Looking at the material below, count the lines that contain "height" and answer with the count only.
----
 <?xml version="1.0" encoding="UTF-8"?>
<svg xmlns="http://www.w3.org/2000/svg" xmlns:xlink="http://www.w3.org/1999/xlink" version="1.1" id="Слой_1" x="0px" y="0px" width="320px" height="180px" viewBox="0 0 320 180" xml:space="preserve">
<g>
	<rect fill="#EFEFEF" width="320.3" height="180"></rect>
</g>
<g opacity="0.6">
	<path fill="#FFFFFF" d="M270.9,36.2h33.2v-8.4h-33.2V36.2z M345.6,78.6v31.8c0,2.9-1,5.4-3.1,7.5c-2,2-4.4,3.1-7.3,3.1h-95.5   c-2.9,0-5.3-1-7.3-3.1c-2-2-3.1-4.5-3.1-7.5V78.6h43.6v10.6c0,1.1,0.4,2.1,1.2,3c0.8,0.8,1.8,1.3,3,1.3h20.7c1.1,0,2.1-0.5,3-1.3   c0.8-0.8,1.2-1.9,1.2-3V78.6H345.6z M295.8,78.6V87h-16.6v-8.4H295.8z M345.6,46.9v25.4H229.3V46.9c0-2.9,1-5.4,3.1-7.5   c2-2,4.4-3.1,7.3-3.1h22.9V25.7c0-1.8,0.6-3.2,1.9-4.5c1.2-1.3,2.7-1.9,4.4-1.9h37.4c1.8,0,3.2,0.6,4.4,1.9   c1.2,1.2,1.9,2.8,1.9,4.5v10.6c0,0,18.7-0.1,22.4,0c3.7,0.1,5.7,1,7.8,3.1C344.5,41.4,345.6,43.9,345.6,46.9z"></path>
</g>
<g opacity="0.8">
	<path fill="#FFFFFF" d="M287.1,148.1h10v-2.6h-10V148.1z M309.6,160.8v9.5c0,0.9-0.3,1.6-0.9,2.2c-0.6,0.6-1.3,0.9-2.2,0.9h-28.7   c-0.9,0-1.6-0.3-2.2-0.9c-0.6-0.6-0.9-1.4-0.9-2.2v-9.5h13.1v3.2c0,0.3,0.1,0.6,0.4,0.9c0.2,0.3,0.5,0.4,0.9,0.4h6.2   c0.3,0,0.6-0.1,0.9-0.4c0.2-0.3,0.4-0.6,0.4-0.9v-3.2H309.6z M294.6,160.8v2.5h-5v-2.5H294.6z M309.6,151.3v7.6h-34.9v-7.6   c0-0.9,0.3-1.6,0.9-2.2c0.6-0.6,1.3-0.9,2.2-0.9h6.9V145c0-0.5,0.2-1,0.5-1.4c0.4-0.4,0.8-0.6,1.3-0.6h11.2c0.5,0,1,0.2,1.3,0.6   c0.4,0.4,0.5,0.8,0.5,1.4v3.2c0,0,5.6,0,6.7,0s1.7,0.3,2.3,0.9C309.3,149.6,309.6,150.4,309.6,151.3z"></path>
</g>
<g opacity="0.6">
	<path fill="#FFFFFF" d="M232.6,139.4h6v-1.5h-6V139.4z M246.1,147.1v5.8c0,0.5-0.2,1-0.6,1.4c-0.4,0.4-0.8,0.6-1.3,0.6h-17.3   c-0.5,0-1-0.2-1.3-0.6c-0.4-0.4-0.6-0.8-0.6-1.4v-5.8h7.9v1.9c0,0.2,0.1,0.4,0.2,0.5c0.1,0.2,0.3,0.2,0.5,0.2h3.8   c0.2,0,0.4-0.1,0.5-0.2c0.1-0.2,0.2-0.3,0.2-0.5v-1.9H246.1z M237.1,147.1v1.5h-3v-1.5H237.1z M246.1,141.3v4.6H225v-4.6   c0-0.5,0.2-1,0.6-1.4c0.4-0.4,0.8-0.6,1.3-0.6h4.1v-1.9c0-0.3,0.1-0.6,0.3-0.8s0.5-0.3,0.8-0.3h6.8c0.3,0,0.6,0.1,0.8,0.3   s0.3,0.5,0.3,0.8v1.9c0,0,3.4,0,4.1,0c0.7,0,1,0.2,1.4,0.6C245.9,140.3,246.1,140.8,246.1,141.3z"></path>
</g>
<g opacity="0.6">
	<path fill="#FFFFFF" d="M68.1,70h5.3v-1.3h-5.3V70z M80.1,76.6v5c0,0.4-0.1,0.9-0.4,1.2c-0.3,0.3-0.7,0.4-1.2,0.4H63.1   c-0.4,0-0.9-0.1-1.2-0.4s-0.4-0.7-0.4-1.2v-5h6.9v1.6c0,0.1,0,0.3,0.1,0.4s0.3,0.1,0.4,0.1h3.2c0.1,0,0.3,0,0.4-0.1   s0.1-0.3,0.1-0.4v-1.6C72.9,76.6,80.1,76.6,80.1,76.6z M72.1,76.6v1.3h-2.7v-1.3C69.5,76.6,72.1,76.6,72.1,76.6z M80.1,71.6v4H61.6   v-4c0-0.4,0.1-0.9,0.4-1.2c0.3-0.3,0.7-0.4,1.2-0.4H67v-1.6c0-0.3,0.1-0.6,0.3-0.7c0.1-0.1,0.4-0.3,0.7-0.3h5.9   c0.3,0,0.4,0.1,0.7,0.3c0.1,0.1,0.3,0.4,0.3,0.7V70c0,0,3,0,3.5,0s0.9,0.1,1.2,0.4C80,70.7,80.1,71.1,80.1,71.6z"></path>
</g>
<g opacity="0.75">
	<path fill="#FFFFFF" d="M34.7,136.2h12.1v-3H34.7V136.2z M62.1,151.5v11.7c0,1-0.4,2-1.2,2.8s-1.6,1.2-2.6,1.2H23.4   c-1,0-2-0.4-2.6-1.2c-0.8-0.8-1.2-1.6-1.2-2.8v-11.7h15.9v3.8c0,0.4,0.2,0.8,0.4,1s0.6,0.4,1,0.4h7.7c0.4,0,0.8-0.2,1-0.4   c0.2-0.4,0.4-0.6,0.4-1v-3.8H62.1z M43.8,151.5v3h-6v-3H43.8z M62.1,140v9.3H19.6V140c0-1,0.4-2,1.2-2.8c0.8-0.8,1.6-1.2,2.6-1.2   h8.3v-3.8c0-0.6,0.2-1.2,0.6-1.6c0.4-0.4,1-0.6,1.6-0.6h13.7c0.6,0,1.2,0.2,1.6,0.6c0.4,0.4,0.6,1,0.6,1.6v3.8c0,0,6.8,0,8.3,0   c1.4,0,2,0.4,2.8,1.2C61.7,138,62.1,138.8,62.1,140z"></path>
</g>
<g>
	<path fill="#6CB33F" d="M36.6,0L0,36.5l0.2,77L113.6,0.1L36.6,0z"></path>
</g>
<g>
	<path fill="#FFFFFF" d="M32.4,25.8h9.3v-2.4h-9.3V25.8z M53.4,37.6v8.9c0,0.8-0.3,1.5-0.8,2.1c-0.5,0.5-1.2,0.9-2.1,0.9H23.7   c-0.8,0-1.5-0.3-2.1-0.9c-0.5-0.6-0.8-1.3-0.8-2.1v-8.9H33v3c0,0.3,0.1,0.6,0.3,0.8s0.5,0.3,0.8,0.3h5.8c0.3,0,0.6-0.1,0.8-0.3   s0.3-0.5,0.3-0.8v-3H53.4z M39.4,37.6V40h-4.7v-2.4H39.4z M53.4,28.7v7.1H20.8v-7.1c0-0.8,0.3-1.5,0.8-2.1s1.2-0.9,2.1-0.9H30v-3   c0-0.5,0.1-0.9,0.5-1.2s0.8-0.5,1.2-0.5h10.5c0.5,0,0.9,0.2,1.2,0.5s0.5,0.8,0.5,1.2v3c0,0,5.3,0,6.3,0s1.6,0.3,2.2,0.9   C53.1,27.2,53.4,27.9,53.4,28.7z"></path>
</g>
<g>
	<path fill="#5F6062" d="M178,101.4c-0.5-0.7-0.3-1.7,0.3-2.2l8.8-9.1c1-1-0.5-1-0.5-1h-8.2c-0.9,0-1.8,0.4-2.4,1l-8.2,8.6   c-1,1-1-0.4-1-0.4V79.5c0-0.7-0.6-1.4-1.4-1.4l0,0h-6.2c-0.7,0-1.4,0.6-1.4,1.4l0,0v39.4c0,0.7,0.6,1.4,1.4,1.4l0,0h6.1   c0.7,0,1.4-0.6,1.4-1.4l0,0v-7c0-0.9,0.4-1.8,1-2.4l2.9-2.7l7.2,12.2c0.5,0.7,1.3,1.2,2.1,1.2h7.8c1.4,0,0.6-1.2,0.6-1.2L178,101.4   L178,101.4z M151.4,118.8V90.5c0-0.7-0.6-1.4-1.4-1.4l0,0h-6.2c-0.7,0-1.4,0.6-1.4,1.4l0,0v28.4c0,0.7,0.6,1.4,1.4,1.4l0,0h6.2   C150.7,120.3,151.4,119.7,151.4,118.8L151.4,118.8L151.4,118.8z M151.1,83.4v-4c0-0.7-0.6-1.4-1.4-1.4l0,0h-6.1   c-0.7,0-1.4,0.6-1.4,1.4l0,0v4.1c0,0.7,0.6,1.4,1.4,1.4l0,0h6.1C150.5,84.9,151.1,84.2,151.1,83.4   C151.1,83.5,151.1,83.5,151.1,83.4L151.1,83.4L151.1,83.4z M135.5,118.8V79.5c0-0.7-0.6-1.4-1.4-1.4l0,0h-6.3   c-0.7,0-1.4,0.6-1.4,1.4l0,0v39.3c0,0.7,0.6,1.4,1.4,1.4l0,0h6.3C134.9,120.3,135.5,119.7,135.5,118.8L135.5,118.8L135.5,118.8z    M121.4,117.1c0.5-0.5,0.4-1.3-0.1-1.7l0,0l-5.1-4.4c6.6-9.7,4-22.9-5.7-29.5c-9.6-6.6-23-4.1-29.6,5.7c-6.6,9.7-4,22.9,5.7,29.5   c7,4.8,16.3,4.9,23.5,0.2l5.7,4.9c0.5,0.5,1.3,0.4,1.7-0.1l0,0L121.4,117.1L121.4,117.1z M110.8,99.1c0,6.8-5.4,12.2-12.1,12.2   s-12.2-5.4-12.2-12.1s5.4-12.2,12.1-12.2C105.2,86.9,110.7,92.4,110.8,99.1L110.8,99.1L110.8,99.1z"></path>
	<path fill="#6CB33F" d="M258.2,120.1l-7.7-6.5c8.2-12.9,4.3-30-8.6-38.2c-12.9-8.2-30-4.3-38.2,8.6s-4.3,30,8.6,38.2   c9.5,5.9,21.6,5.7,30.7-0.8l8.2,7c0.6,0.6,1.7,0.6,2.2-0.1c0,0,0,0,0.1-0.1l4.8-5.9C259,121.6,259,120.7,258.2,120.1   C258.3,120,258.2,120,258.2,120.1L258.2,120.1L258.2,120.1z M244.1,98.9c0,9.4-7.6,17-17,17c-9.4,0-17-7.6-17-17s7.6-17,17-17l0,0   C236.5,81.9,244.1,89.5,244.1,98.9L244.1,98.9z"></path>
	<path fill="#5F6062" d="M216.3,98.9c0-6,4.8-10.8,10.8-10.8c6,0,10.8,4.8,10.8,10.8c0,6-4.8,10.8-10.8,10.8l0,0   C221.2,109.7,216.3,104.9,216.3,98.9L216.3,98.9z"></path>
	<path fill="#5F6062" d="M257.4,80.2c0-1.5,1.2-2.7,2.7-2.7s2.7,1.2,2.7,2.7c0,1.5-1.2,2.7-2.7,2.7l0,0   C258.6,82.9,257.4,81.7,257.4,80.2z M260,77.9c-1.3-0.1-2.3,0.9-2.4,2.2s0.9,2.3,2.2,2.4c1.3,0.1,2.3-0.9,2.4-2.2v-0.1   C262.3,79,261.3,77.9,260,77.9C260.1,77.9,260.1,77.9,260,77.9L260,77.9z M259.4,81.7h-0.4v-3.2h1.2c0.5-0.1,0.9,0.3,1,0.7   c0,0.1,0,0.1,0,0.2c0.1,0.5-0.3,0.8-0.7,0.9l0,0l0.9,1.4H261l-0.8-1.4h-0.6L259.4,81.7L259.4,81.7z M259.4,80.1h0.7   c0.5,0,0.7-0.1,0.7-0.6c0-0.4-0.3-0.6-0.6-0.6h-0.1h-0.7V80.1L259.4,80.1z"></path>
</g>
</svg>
----
**Expected answer:**
2